Bisubstrate Ether‐Linked Uridine‐Peptide Conjugates as O‐GlcNAc Transferase Inhibitors

The O‐linked β‐N‐acetylglucosamine (O‐GlcNAc) transferase (OGT) is a master regulator of installing O‐GlcNAc onto serine or threonine residues on a multitude of target proteins. Numerous nuclear and cytosolic proteins of varying functional classes, including translational factors, transcription factors, signaling proteins, and kinases are OGT substrates. Aberrant O‐GlcNAcylation of proteins is implicated in signaling in metabolic diseases such as diabetes and cancer. Selective and potent OGT inhibitors are valuable tools to study the role of OGT in modulating a wide range of effects on cellular functions. We report linear bisubstrate ether‐linked uridine‐peptide conjugates as OGT inhibitors with micromolar affinity.
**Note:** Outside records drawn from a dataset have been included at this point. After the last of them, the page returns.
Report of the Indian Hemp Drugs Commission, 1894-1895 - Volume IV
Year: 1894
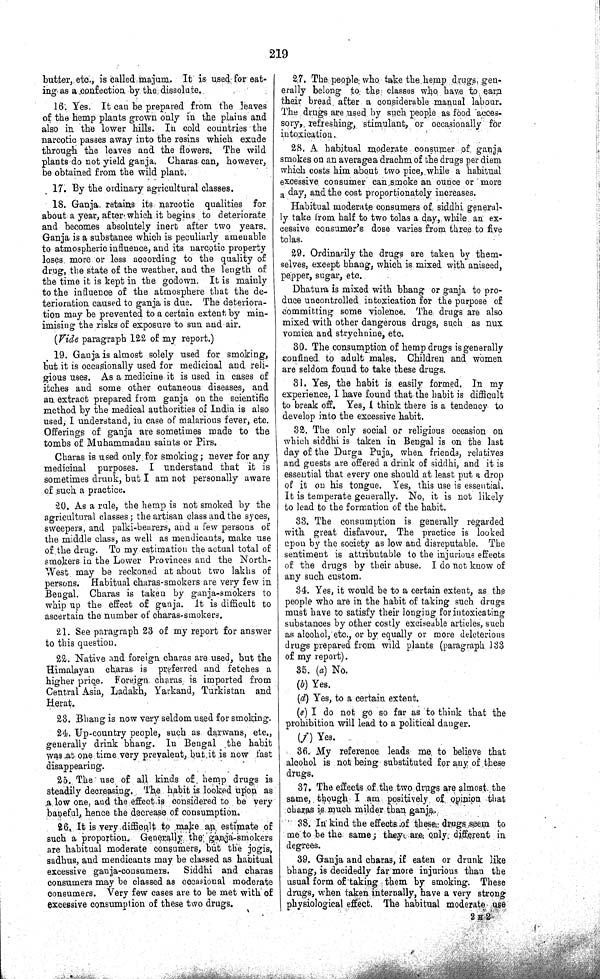
219
butter, etc., is called majum. It is used for eat-
ing as a confection by the dissolute.
16. Yes. It can be prepared from the leaves
of the hemp plants grown only in the plains and
also in the lower hills. In cold countries the
narcotic passes away into the resins which exude
through the leaves and the flowers. The wild
plants do not yield ganja. Charas can, however,
be obtained from the wild plant.
17. By the ordinary agricultural classes.
18. Ganja, retains its narcotic qualities for
about a year, after which it begins to deteriorate
and becomes absolutely inert after two years.
Ganja is a substance which is peculiarly amenable
to atmospheric influence, and its narcotic property
loses more or less according to the quality of
drug, the state of the weather, and the length of
the time it is kept in the godown. It is mainly
to the influence of the atmosphere that the de-
terioration caused to ganja is due. The deteriora-
tion may be prevented to a certain extent by min-
imising the risks of exposure to sun and air.
(Vide paragraph 122 of my report.)
19. Ganja is almost solely used for smoking,
but it is occasionally used for medicinal and reli-
gious uses. As a medicine it is used in cases of
itches and some other cutaneous diseases, and
an extract prepared from ganja on the scientific
method by the medical authorities of India is also
used, I understand, in case of malarious fever, etc.
Offerings of ganja are sometimes made to the
tombs of Muhammadan saints or Pirs.
Charas is used only for smoking; never for any
medicinal purposes. I understand that it is
sometimes drunk, but I am not personally aware
of such a practice.
20. As a rule, the hemp is not smoked by the
agricultural classes; the artisan class and the syces,
sweepers, and palki-bearers, and a few persons of
the middle class, as well as mendicants, make use
of the drug. To my estimation the actual total of
smokers in the Lower Provinces and the North-
West may be reckoned at about two lakhs of
persons. Habitual charas-smokers are very few in
Bengal. Charas is taken by ganja-smokers to
whip up the effect of ganja. It is difficult to
ascertain the number of charas-smokers.
21. See paragraph 23 of my report for answer
to this question.
22. Native and foreign charas are used, but the
Himalayan charas is preferred and fetches a
higher price. Foreign charas is imported from
Central Asia, Ladakh, Yarkand, Turkistan and
Herat.
23. Bhang is now very seldom used for smoking.
24. Up-country people, such as darwans, etc.,
generally drink bhang. In Bengal the habit
was at one time very prevalent, but it is now fast
disappearing.
25. The use of all kinds of hemp drugs is
steadily decreasing. The habit is looked upon as
a low one, and the effect is considered to be very
baneful, hence the decrease of consumption.
26. It is very difficult to make an estimate of
such a proportion. Generally the ganja-smokers
are habitual moderate consumers, but the jogis,
sadhus, and mendicants may be classed as habitual
excessive ganja-consumers.
Siddhi and charas
consumers may be classed as occasional moderate
consumers. Very few cases are to be met with of
excessive consumption of these two drugs.
27. The people who take the hemp drugs gen-
erally belong to the classes who have to earn
their bread after a considerable manual labour.
The drugs are used by such people as food acces-
sory, refreshing, stimulant, or occasionally for
intoxication.
28. A habitual moderate consumer of ganja
smokes on an average a drachm of the drugs per diem
which costs him about two pice, while a habitual
excessive consumer can smoke an ounce or more
a day, and the cost proportionately increases.
Habitual moderate consumers of siddhi general-
ly take from half to two tolas a day, while an ex-
cessive consumer's dose varies from three to five
tolas.
29. Ordinarily the drugs are taken by them-
selves, except bhang, which is mixed with aniseed,
pepper, sugar, etc.
Dhatura is mixed with bhang or ganja to pro-
duce uncontrolled intoxication for the purpose of
committing some violence. The drugs are also
mixed with other dangerous drugs, such as nux
vomica and strychnine, etc.
30. The consumption of hemp drugs is generally
confined to adult males. Children and women
are seldom found to take these drugs.
31. Yes, the habit is easily formed. In my
experience, I have found that the habit is difficult
to break off. Yes, I think there is a tendency to
develop into the excessive habit.
32. The only social or religious occasion on
which siddhi is taken in Bengal is on the last
day of the Durga Puja, when friends, relatives
and guests are offered a drink of siddhi, and it is
essential that every one should at least put a drop
of it on his tongue. Yes, this use is essential.
It is temperate generally. No, it is not likely
to lead to the formation of the habit.
33. The consumption is generally regarded
with great disfavour. The practice is looked
upon by the society as low and disreputable. The
sentiment is attributable to the injurious effects
of the drugs by their abuse. I do not know of
any such custom.
34. Yes, it would be to a certain extent, as the
people who are in the habit of taking such drugs
must have to satisfy their longing for intoxicating
substances by other costly exciseable articles, such
as alcohol, etc., or by equally or more deleterious
drugs prepared from wild plants (paragraph 133
of my report).
35. (a) No.
(b) Yes.
(d) Yes, to a certain extent.
(e) I do not go so far as to think that the
prohibition will lead to a political danger.
(f) Yes.
36. My reference leads me to believe that
alcohol is not being substituted for any of these
drugs.
37. The effects of the two drugs are almost the
same, though I am positively of opinion that
charas is much milder than ganja.
38. In kind the effects of these drugs seem to
me to be the same; they are only different in
degrees.
39. Ganja and charas, if eaten or drunk like
bhang, is decidedly far more injurious than the
usual form of taking them by smoking. These
drugs, when taken internally, have a very strong
physiological effect. The habitual moderate use
2 H 2

In vitro evaluation of the compounds revealed the importance of donor substrate, linker and acceptor substrate in the rational design of bisubstrate analogue inhibitors. Molecular dynamics simulations shed light on the binding of this novel class of inhibitors and rationalized the effect of amino acid truncation of acceptor peptide on OGT inhibition. Blocking the master regulator: O‐GlcNAcylation is one of the prominent hallmarks of cancer, and O‐GlcNAc transferse (OGT) is solely responsible for this post‐translational modification. The basic design of bisubstrate inhibitors consists of the donor substrate and acceptor substrate analogues tethered via a suitable linker. In this study a linear bisubstrate analogue inhibitor demonstrated significant inhibitory activity against hOGT in vitro at micromolar concentrations.